Other areas of airport operations will also go paperless, leaving staff to concentrate on doing their job rather than filling out a form that says they did it. The amount of airport data in the Microsoft Azure cloud that can be used for analytics and predictions is about to triple, and teams or individual employees can use it make their own Power BI dashboards and PowerApps when they need them.
It's like the next generation of Microsoft Office, Birrell enthuses.
"If you understand Excel, you can use these tools and get really exciting output and results. You don't have to ask IT to run a report for you or do a piece of analysis for you; you can do it yourself," he says.
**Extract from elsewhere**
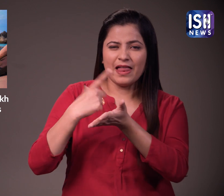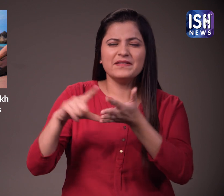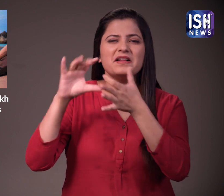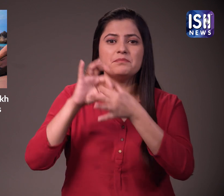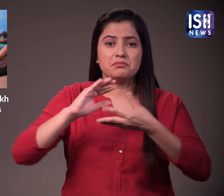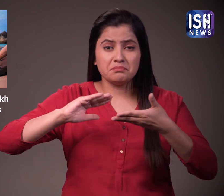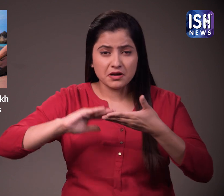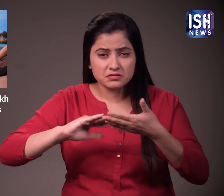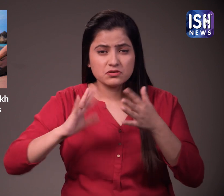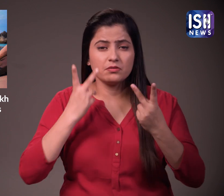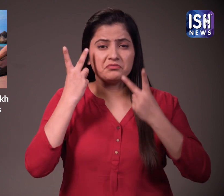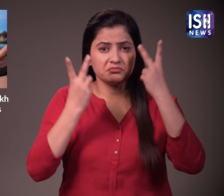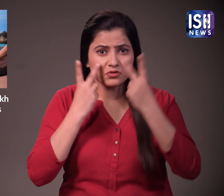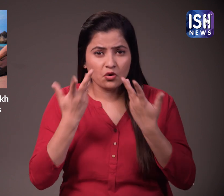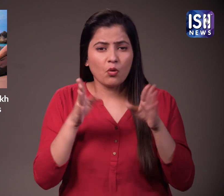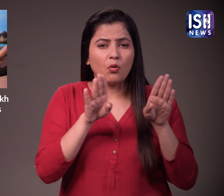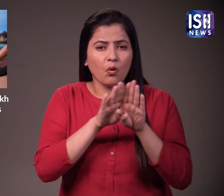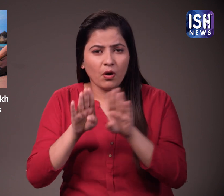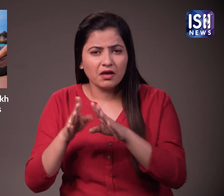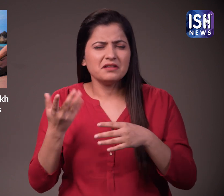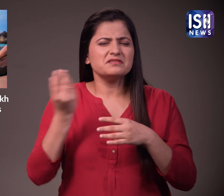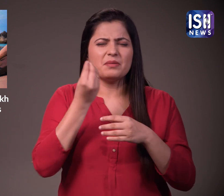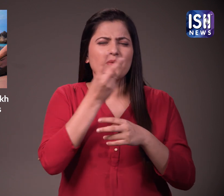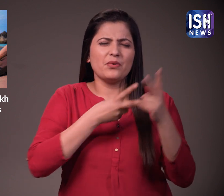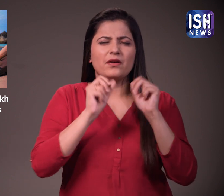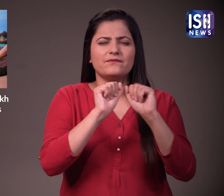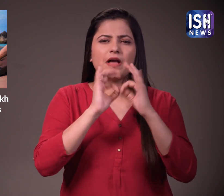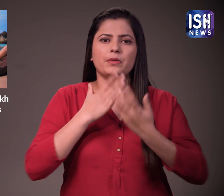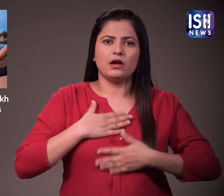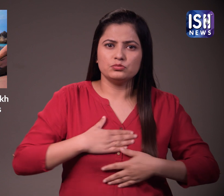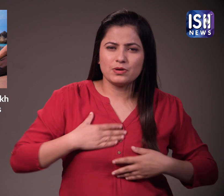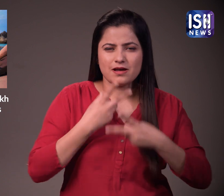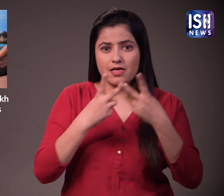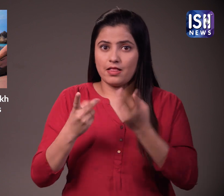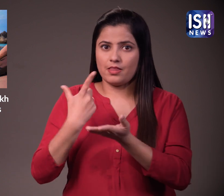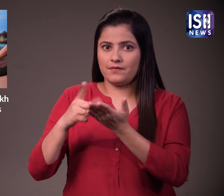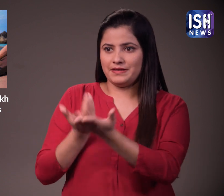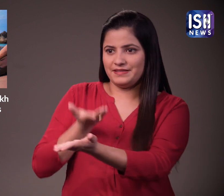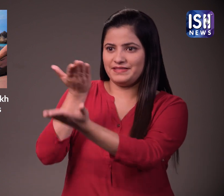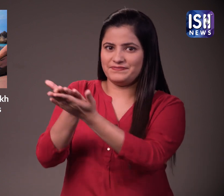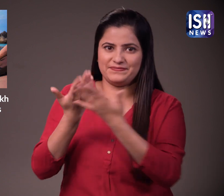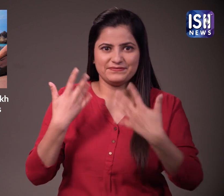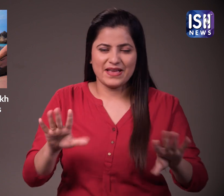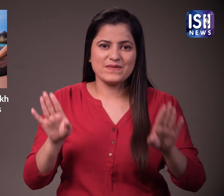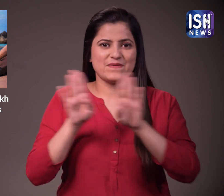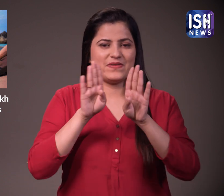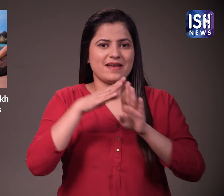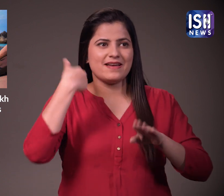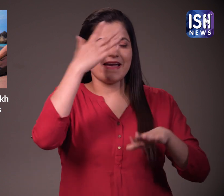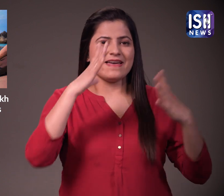आदी या यात्रा छुट्टियों या अपने परिवार के साथ समय बिताने आदी के लिए ओफिस से छुट्टी लेते हुए देखा होगा वे छुट्टी के लिए आवेदन करते हैं और फिर छुट्टी पर

Having an AI model that tells you what's going to happen can beat congestion and get flights out on time by turning planes around quickly – but only if the information gets to the right people around the airport.
Everything about your trip through the airport gets better because airport staff know what's going to happen and they're prepared for it. That keeps Heathrow consistently in the top ten airports for passenger satisfaction worldwide, and why that score keeps going up even though it's operating at capacity, Birrell says.
And when the third runway does arrive, the team at Heathrow plans to use what they've learned from the Azure AI model about how passengers move around the airport and through security to design new flows around the airport, without the disruption expansion usually brings.